使用多处理读取，压缩，写入

Question

I'm compressing files. 我在压缩文件。 A single process is fine for a few of them, but I'm compressing thousands of them and this can (and has) taken several days, so I'd like to speed it up with multiprocessing. 一个过程对于其中一些是好的，但是我压缩了数千个，这可能（并且已经用了几天），所以我想通过多处理加速它。 I've read that I should avoid having multiple processes reading files at the same time, and I'm guessing I shouldn't have multiple processes writing at once as well. 我已经读过，我应该避免让多个进程同时读取文件，我猜我不应该同时写多个进程。 This is my current method that runs singly: 这是我目前单独运行的方法：

import tarfile, bz2, os
def compress(folder):
    "compresses a folder into a file"

    bz_file = bz2.BZ2File(folder+'.tbz', 'w')

    with tarfile.open(mode='w', fileobj = bz_file) as tar:

        for fn in os.listdir(folder):

            read each file in the folder and do some pre processing
            that will make the compressed file much smaller than without

            tar.addfile( processed file )

    bz_file.close()
    return

This is taking a folder and compressing all its contents into a single file. 这是一个文件夹并将其所有内容压缩到一个文件中。 This makes them easier to handle and more organized. 这使它们更容易处理和更有条理。 If I just tossed this into a pool, then I'd have several processes reading and writing all at once, so I want to avoid that. 如果我把它扔到一个池中，那么我会有几个进程同时读取和写入，所以我想避免这种情况。 I can rework it so only one process is reading the files but I still have multiple ones writing: 我可以重做它，所以只有一个进程正在读取文件，但我还有多个写入：

import multiprocessing as mp
import tarfile, bz2, os

def compress(file_list):
    folder = file_list[0]
    bz_file = bz2.BZ2File(folder+'.tbz', 'w')

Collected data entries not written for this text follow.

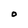
Character: O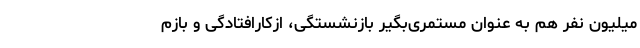
میلیون نفر هم به عنوان مستمری‌بگیر بازنشستگی، ازکارافتادگی و بازم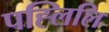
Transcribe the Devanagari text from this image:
पह्लिलि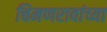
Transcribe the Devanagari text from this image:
चिमणरावांच्या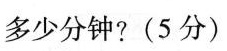
多少分钟?(5分)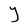
Character: Y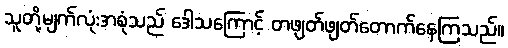
သူတို့မျက်လုံးအစုံသည် ဒေါသကြောင့် တဖျတ်ဖျတ်တောက်နေကြသည်။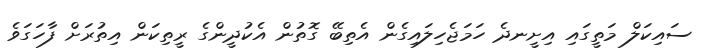
ސައިކަލް މަތީގައި އިށީނދެ ހަމަޖެހިލައިގެން އެތިބޭ ގޮތުން އެކުދީންގެ ރީތިކަން އިތުރަށް ފާހަގަވެ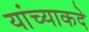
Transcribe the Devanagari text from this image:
यांच्याकदे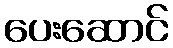
ပေးဆောင်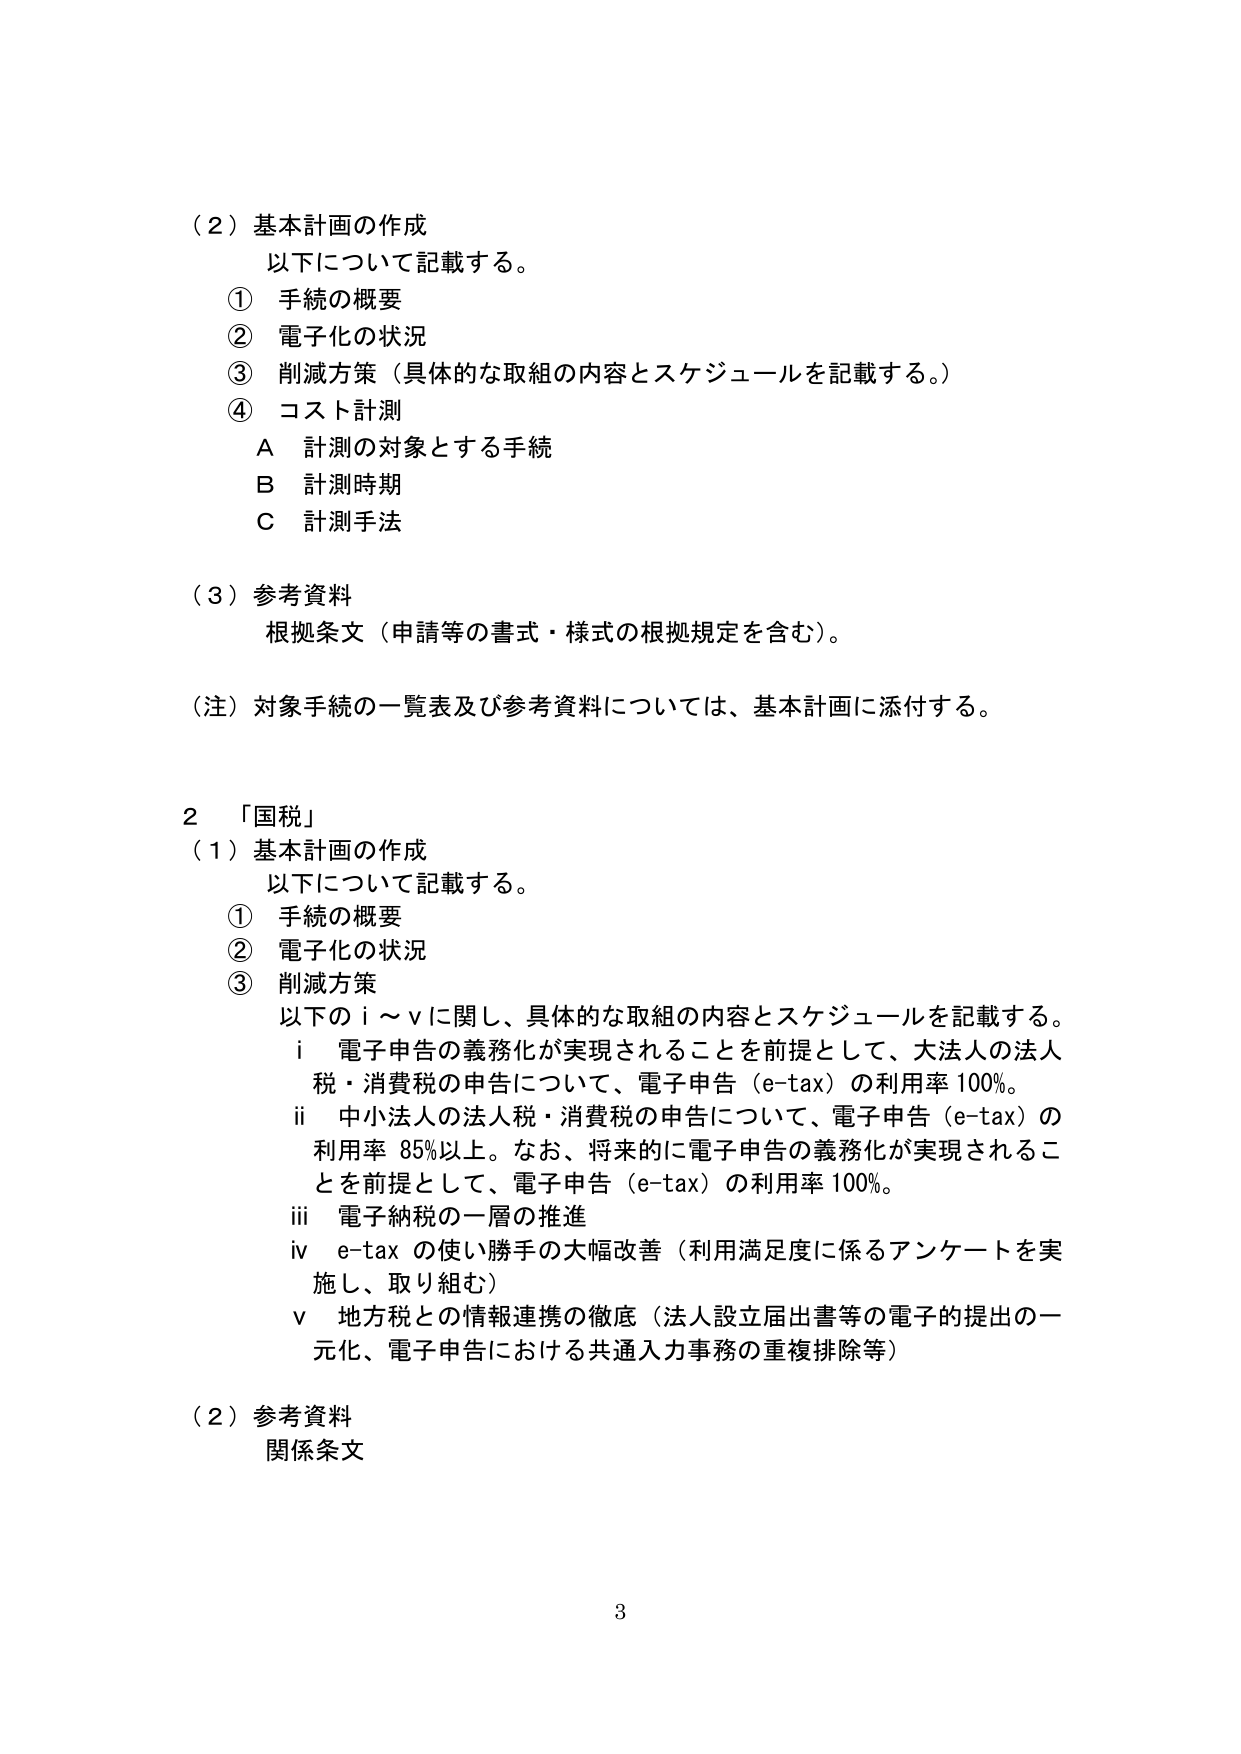
（２）基本計画の作成
以下について記載する。
① 手続の概要
② 電子化の状況
③ 削減方策（具体的な取組の内容とスケジュールを記載する。）
④ コスト計測
　Ａ 計測の対象とする手続
　Ｂ 計測時期
　Ｃ 計測手法

（３）参考資料
　根拠条文（申請等の書式・様式の根拠規定を含む）。

（注）対象手続の一覧表及び参考資料については、基本計画に添付する。

２ 「国税」
（１）基本計画の作成
　以下について記載する。
　① 手続の概要
　② 電子化の状況
　③ 削減方策
　　以下のⅰ～ⅴに関し、具体的な取組の内容とスケジュールを記載する。
　　ⅰ 電子申告の義務化が実現されることを前提として、大法人の法人税・消費税の申告について、電子申告（e-tax）の利用率100%。
　　ⅱ 中小法人の法人税・消費税の申告について、電子申告（e-tax）の利用率85%以上。なお、将来的に電子申告の義務化が実現されることを前提として、電子申告（e-tax）の利用率100%。
　　ⅲ 電子納税の一層の推進
　　ⅳ e-taxの使い勝手の大幅改善（利用満足度に係るアンケートを実施し、取り組む）
　　ⅴ 地方税との情報連携の徹底（法人設立届出書等の電子的提出の一元化、電子申告における共通入力事務の重複排除等）

（２）参考資料
　関係条文

3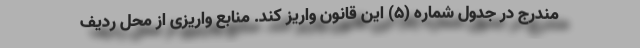
مندرج در جدول شماره (۵) این قانون واریز کند. منابع واریزی از محل ردیف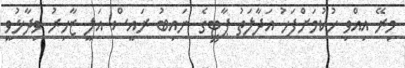
މިރޭ އިއްވި ހުކުމަށްފަހު އަދާލަތު ޕާޓީގެ ނައިބު ރައީސް އަލީ ޒާހިރު ވިދާޅުވީ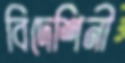
বিদেশিনী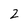
Character: z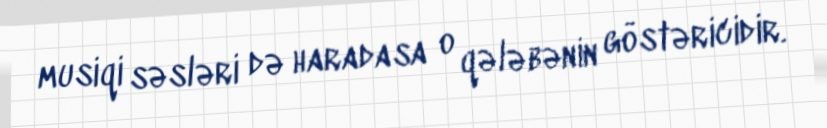
musiqi səsləri də haradasa o qələbənin göstəricidir.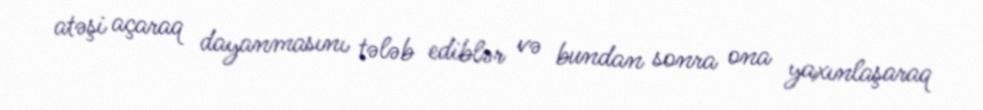
atəşi açaraq dayanmasını tələb ediblər və bundan sonra ona yaxınlaşaraq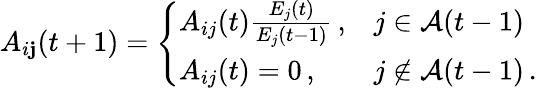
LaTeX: A_{i\mathbf{j}}(t+1)=\left\{ \begin{array}{ll}{A_{ij}(t)\frac{E_{j}(t)}{E_{j}(t-1)}\, ,}&{j\in\mathcal{A}(t-1)}\\ {A_{ij}(t)=0\, ,}&{j\not\in\mathcal{A}(t-1)\, .}\end{array}\right.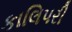
કાલિપરી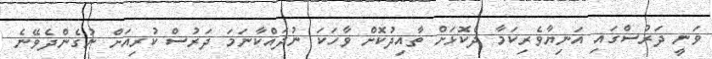
ވަނީ ދަރުސްގައި އަނިޔާވެރިކަމާ ދެކޮޅަށް ތާއިދުކޮށް ވާހަކަ ނުދައްކާނަމަ ދަރުސް ކުރިއަށް ނުގެންދެވޭނެ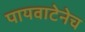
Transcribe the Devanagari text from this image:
पायवाटेनेच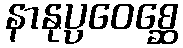
နာနုပ္ပဝေစ္ဆေ
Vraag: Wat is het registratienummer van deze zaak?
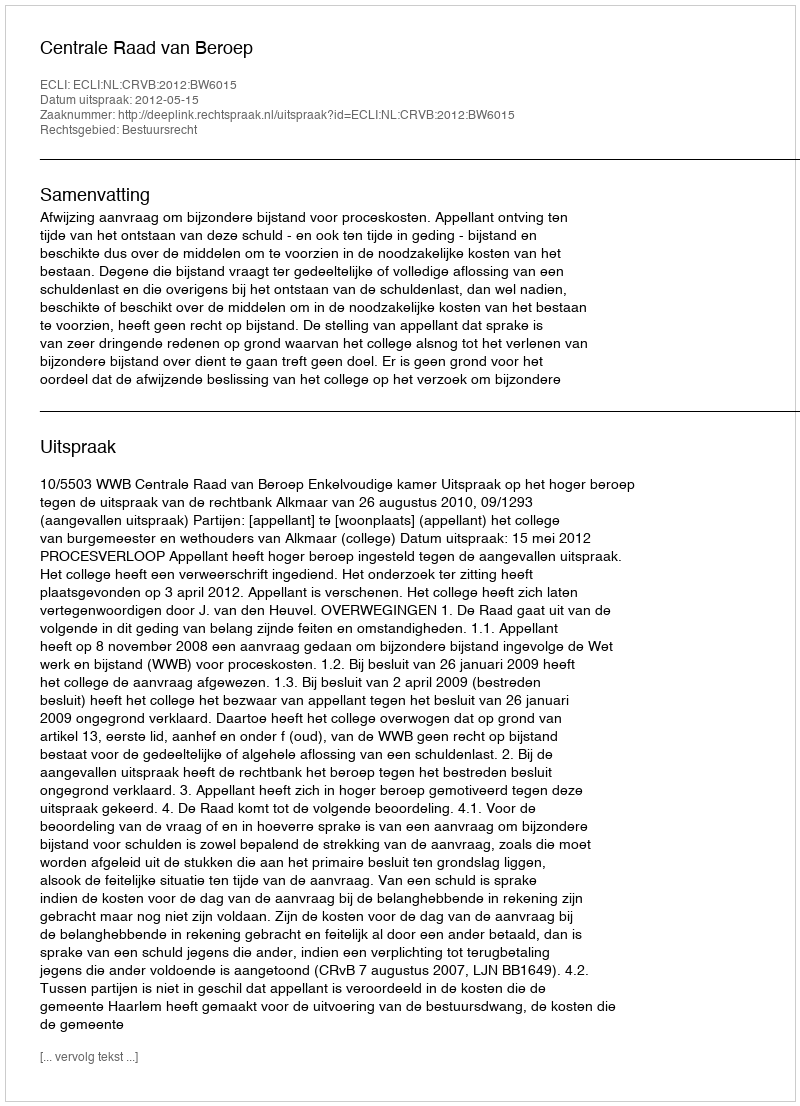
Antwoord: http://deeplink.rechtspraak.nl/uitspraak?id=ECLI:NL:CRVB:2012:BW6015

    with tarfile.open(mode='w', fileobj = bz_file) as tar:

        for i in file_list[1:]:
            preprocess file data
            tar.addfile(processed data)

    bz_file.close()
    return

cpu_count = mp.cpu_count()
p = mp.Pool(cpu_count)

for subfolder in os.listdir(main_folder):

    read all files in subfolder into memory, place into file_list
    place file_list into fld_list until fld_list contains cpu_count
    file lists. then pass to  p.map(compress, fld_list)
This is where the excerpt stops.